=== Working data ===

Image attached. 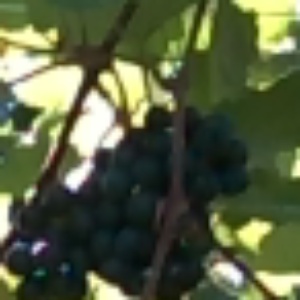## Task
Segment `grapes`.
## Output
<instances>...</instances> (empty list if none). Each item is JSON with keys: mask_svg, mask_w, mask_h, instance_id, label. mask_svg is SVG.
<instances>
[{"mask_svg": "<svg viewBox=\"0 0 300 300\" xmlns=\"http://www.w3.org/2000/svg\"><path fill=\"white\" fill-rule=\"evenodd\" d=\"M198 272L199 259L193 249L182 247L173 250L162 269L157 298L179 300L181 288L193 285Z\"/></svg>", "mask_w": 300, "mask_h": 300, "instance_id": "grapes-3", "label": "grapes"}, {"mask_svg": "<svg viewBox=\"0 0 300 300\" xmlns=\"http://www.w3.org/2000/svg\"><path fill=\"white\" fill-rule=\"evenodd\" d=\"M170 122L168 107H153L144 116L146 129L95 152V167L79 190L53 180L38 192V206L27 199L8 206L19 236L3 262L8 272L26 275L16 288L19 300H82L90 269L128 295L141 291L163 235L156 209L167 188Z\"/></svg>", "mask_w": 300, "mask_h": 300, "instance_id": "grapes-1", "label": "grapes"}, {"mask_svg": "<svg viewBox=\"0 0 300 300\" xmlns=\"http://www.w3.org/2000/svg\"><path fill=\"white\" fill-rule=\"evenodd\" d=\"M178 122L184 131L187 163L184 187L197 199L214 194L235 197L250 187L247 144L231 135L232 125L222 112L202 115L193 107L182 109Z\"/></svg>", "mask_w": 300, "mask_h": 300, "instance_id": "grapes-2", "label": "grapes"}]
</instances>

===

What to produce
The required output is every line from the one with "<instances>...</instances> (empty list" to the final line of the entries, repeated exactly and with nothing else.

Result of the task
<instances>...</instances> (empty list if none). Each item is JSON with keys: mask_svg, mask_w, mask_h, instance_id, label. mask_svg is SVG.
<instances>
[{"mask_svg": "<svg viewBox=\"0 0 300 300\" xmlns=\"http://www.w3.org/2000/svg\"><path fill=\"white\" fill-rule=\"evenodd\" d=\"M198 272L199 259L193 249L182 247L173 250L162 269L157 298L179 300L181 288L193 285Z\"/></svg>", "mask_w": 300, "mask_h": 300, "instance_id": "grapes-3", "label": "grapes"}, {"mask_svg": "<svg viewBox=\"0 0 300 300\" xmlns=\"http://www.w3.org/2000/svg\"><path fill=\"white\" fill-rule=\"evenodd\" d=\"M170 122L168 107H153L144 116L146 129L95 152V167L79 190L53 180L38 192V206L27 199L8 206L19 236L3 262L8 272L26 275L16 288L19 300H82L90 269L128 295L141 291L163 235L156 209L167 188Z\"/></svg>", "mask_w": 300, "mask_h": 300, "instance_id": "grapes-1", "label": "grapes"}, {"mask_svg": "<svg viewBox=\"0 0 300 300\" xmlns=\"http://www.w3.org/2000/svg\"><path fill=\"white\" fill-rule=\"evenodd\" d=\"M178 122L184 131L187 163L184 187L197 199L214 194L235 197L250 187L247 144L231 135L232 125L222 112L202 115L193 107L182 109Z\"/></svg>", "mask_w": 300, "mask_h": 300, "instance_id": "grapes-2", "label": "grapes"}]
</instances>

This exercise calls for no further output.